Advanced BioHealing received $2.4 million from a Series A investment in October 2004 and $8 million in Series B in November 2005, both before the Dermagraft acquisition.

Safeguard Scientifics led the Series C financing. Other investors included Channel Medical Partners and Red Abbey Venture Partners, as well as Series B participants Canaan Partners and Wheatley Partners.

In other financing news:

• Helicos BioSciences (Cambridge, Massachusetts) reported that it has filed a registration statement with the Securities and Exchange Commission for a proposed initial public offering of its common stock.

All of the shares to be offered will be sold by the company. The number of shares to be sold in the proposed offering and the offering price have not yet been determined.

UBS Investment Bank will be acting as the sole book-running manager for the offering.
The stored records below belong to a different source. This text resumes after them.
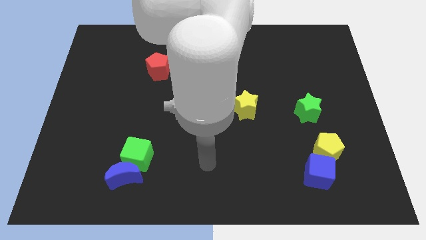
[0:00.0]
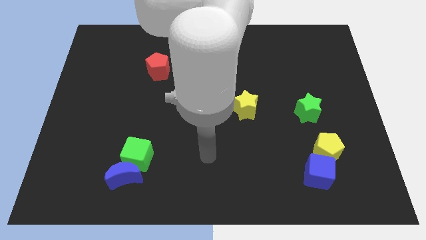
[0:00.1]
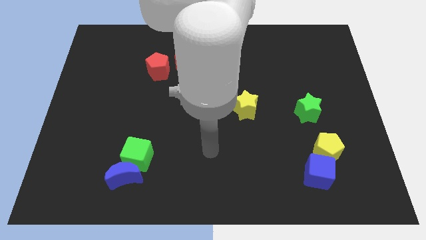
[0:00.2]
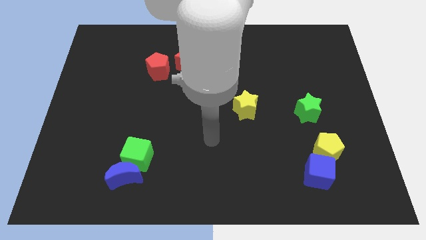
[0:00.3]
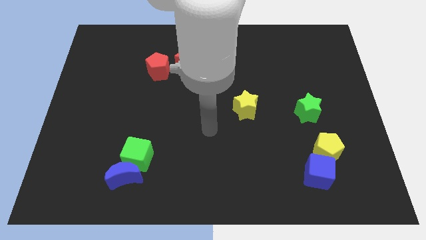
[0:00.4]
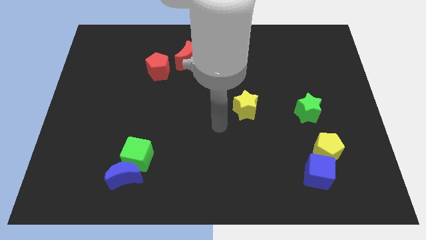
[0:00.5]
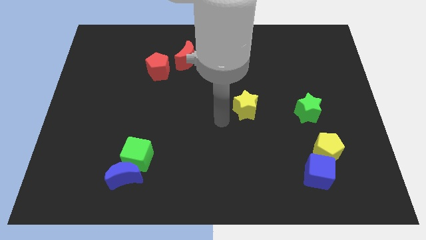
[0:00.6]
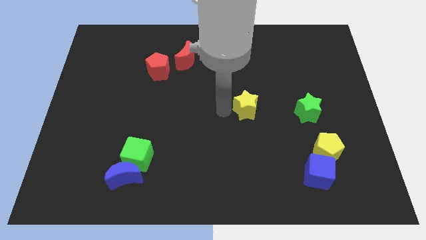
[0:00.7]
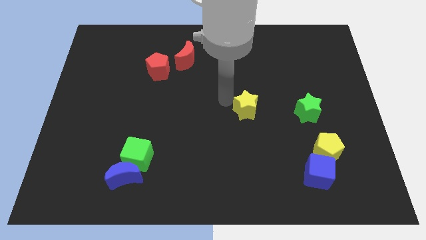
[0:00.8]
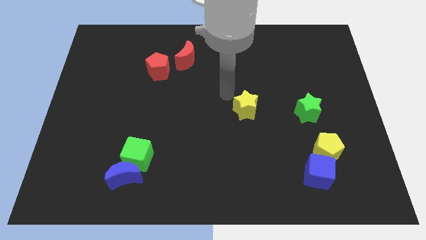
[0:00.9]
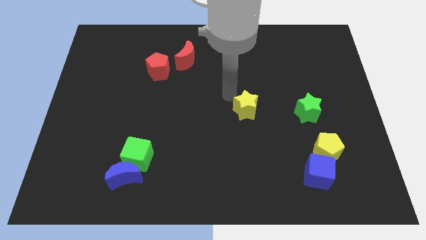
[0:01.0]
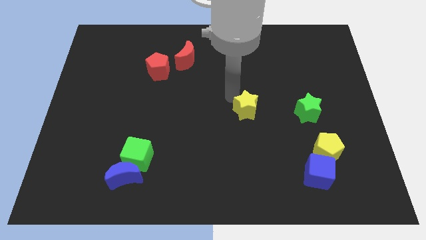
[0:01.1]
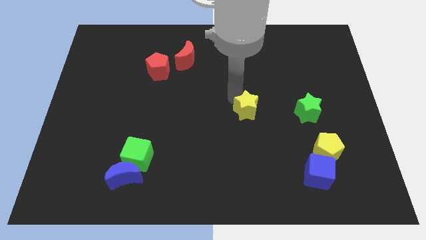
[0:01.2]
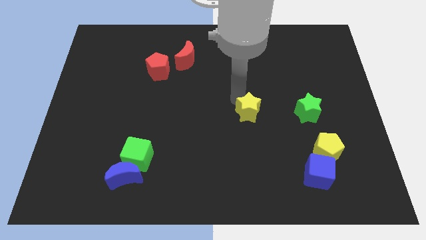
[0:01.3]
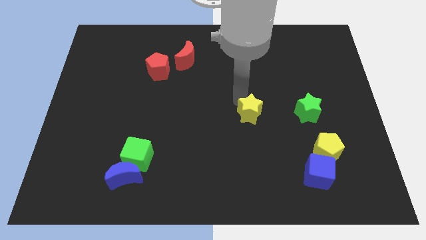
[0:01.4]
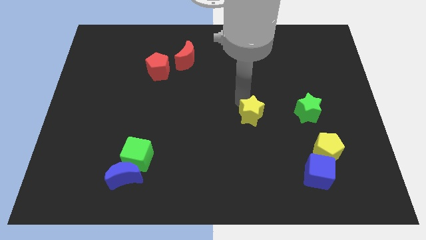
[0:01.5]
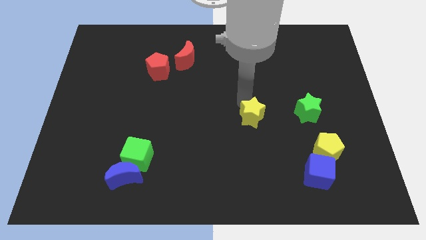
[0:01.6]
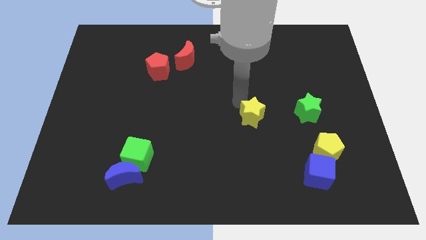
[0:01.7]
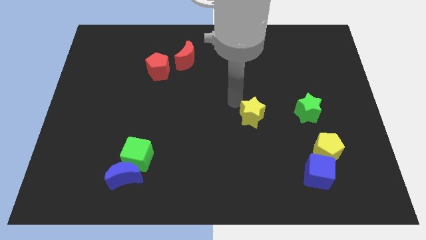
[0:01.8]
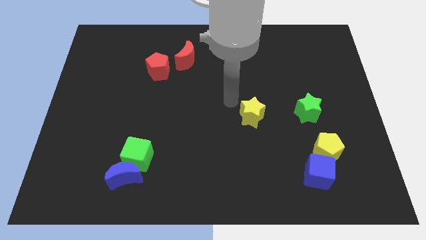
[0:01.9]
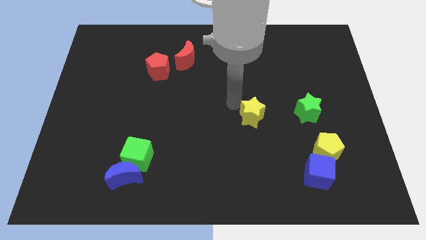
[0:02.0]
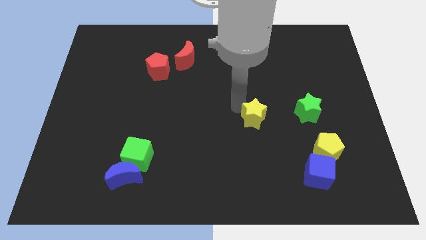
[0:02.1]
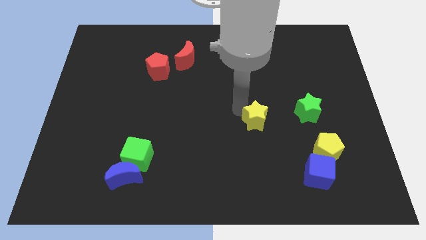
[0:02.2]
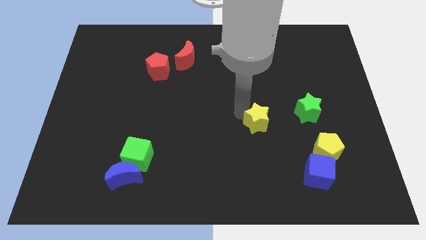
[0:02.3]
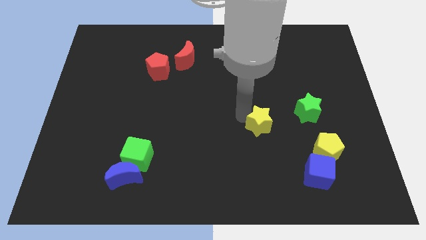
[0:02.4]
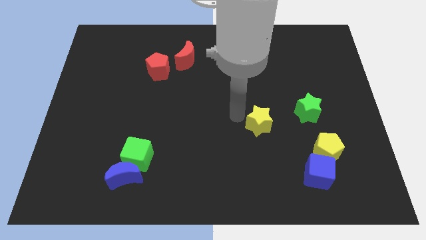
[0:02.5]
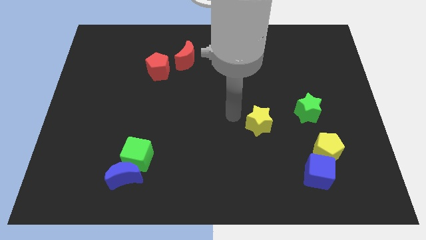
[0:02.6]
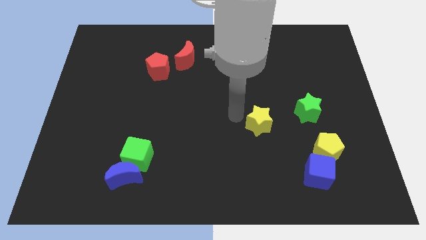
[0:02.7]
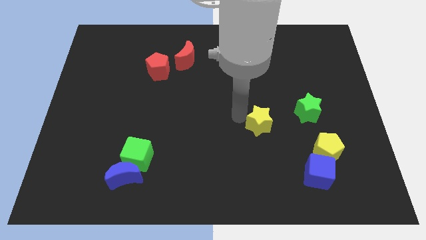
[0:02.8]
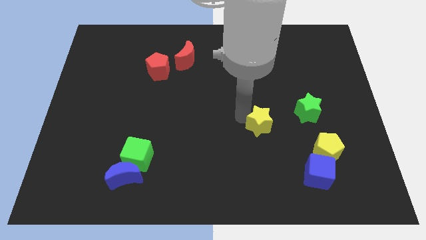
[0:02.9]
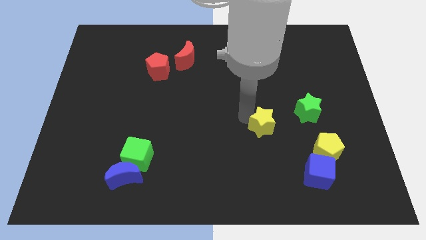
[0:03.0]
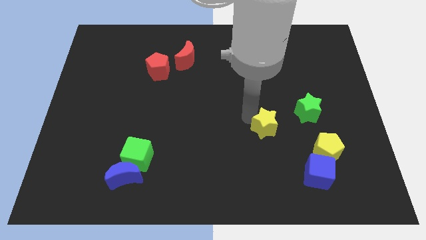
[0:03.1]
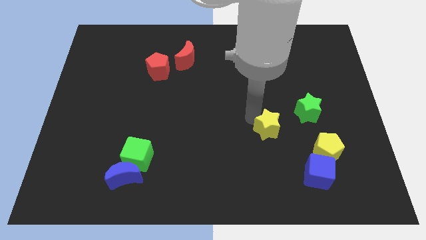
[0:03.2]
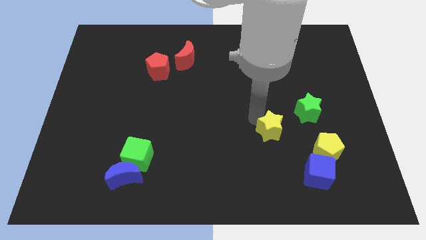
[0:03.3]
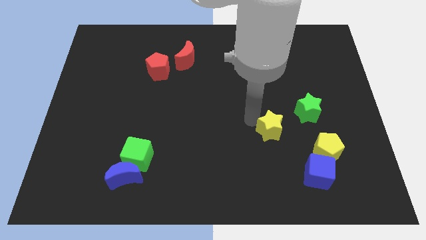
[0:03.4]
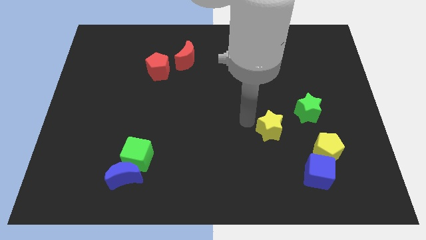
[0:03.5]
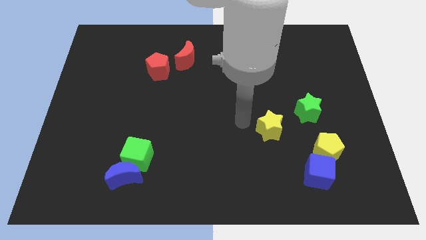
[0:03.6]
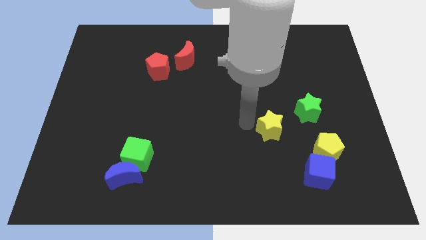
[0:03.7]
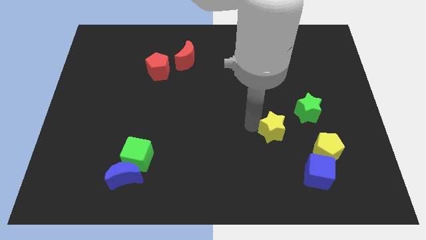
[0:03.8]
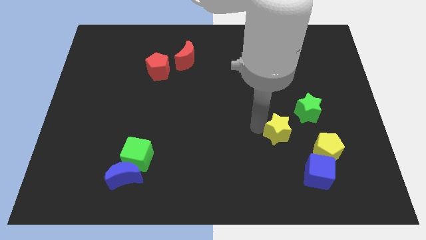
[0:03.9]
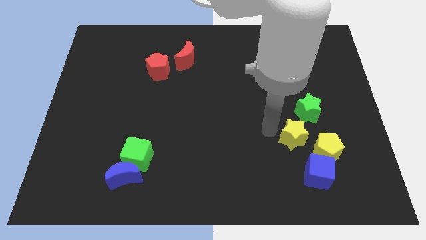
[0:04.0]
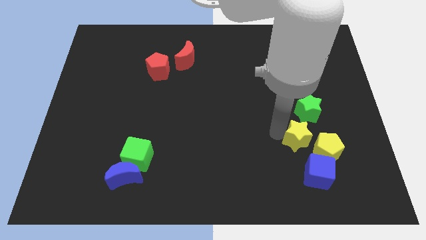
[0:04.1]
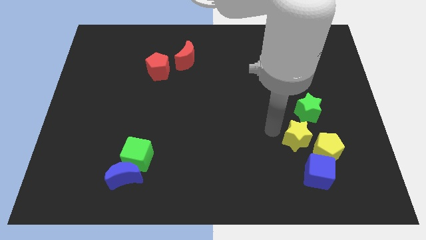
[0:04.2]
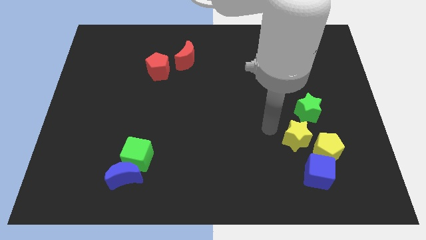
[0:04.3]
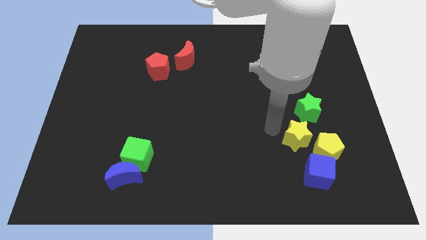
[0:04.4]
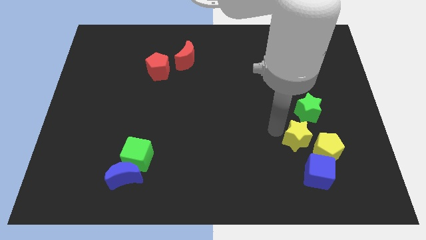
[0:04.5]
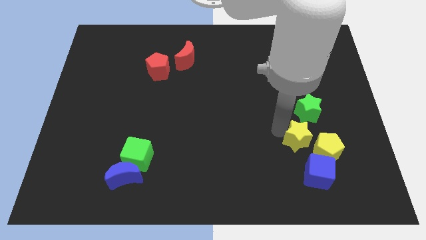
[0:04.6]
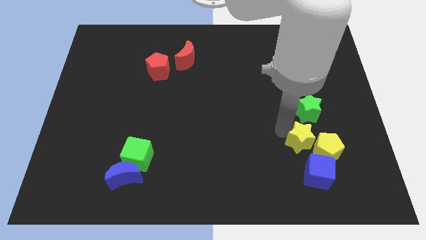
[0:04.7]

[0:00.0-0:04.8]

J.P. Morgan Securities is acting as a joint lead manager, with Leerink Swann & Co. and Pacific Growth Equities acting as co-managers.

Helicos is developing genetic analysis technologies for the research, drug discovery and clinical diagnostics markets.

• Thermo Fisher Scientific (Waltham, Massachusetts) reported that its board of directors has authorized the repurchase of $300 million of shares of its own common stock in the open market or in negotiated transactions through Feb. 28, 2008. The company’s previous stock repurchase authorization of $300 million was completed by year-end 2006.

Thermo Fisher Scientific provides analytical instruments in the U.S. and internationally. It operates in two segments, Life and Laboratory Sciences, and Measurement and Control.

• Iridex (Mountain View, California) reported that its board of directors approved the grant of non-qualified stock options to purchase an aggregate of 235,000 shares of common stock to a total of 54 new employees, domestic and international, hired in connection with the company’s recently completed acquisition of the assets of the aesthetics business of Laserscope (San Jose, California).

The exercise price of each of the new hire options will be equal to $10.06, the closing price of Iridex’s common stock on the NASDAQ Global Market on the grant date, which was Wednesday.